►

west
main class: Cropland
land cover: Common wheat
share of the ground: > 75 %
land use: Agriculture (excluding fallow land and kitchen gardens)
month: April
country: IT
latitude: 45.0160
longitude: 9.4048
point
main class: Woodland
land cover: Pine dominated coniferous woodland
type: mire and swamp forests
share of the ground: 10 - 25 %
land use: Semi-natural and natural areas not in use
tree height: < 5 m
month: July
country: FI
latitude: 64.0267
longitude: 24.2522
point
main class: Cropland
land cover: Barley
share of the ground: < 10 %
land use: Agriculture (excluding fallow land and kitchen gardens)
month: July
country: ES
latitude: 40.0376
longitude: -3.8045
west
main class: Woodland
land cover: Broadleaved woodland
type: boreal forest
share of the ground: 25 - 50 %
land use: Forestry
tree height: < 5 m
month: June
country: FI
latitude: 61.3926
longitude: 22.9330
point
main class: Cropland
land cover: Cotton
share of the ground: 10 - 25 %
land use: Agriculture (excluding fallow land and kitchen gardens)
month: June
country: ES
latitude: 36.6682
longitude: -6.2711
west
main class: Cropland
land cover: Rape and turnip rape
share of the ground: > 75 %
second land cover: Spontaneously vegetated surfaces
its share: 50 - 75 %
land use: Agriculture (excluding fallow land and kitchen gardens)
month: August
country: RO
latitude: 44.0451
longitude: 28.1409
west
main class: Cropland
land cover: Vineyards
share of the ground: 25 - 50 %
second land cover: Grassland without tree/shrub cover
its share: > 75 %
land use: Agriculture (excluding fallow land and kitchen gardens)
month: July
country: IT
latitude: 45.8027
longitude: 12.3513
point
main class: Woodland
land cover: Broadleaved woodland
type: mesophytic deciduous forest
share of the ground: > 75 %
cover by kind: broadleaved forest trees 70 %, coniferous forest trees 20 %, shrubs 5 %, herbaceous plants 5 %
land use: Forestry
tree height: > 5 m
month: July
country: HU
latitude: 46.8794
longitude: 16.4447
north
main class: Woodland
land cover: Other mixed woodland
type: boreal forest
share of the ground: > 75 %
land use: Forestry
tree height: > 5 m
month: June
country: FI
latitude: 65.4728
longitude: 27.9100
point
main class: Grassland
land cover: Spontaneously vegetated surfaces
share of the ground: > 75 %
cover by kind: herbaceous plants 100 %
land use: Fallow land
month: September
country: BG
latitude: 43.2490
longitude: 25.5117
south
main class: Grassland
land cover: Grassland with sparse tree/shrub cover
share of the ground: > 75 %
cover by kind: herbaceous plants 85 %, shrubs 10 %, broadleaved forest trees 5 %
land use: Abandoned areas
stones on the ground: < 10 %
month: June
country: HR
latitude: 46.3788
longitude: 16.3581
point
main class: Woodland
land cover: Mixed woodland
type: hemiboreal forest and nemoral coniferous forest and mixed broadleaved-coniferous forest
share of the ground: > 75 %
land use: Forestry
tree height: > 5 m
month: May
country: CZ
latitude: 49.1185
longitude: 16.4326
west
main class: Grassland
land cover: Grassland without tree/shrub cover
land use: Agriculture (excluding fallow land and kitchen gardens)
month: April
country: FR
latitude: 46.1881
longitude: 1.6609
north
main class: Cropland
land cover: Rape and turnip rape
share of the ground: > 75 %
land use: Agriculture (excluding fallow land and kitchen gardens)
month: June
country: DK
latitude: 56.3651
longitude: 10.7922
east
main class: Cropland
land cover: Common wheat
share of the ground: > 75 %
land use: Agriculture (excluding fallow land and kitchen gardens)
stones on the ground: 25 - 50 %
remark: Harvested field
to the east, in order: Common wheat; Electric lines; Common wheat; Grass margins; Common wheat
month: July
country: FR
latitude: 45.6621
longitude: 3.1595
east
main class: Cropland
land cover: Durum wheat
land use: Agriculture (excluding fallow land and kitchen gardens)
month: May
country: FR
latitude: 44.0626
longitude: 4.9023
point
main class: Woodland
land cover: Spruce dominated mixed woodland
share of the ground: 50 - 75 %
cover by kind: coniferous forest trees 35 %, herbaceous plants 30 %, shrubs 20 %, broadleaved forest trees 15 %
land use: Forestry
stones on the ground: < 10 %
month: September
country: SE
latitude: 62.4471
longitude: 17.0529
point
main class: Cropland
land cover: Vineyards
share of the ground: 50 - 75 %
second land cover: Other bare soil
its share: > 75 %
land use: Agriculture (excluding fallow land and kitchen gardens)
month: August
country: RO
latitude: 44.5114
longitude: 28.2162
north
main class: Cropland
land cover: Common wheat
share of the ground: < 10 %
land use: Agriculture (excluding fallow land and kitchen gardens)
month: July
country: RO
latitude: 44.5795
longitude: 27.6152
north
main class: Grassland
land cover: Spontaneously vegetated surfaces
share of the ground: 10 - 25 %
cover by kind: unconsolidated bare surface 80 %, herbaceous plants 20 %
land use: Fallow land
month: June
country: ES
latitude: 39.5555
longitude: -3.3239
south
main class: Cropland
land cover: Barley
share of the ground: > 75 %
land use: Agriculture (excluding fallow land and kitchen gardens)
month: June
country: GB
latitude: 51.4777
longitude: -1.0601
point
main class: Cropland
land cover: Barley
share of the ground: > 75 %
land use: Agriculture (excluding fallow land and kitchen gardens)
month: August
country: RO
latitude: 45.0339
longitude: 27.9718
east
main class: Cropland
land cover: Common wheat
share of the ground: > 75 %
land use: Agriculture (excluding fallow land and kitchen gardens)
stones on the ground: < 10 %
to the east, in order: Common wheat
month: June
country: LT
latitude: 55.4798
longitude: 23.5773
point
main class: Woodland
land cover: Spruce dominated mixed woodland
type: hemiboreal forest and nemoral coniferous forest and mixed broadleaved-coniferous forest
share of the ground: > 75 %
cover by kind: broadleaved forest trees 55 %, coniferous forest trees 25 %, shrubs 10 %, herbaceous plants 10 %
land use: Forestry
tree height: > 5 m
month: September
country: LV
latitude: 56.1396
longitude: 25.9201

◄

**ABOUT THIS EXERCISE:**
Among the lines of the data above, count those containing the word "second" and report the total alone.

**OUTPUT BELOW:**
3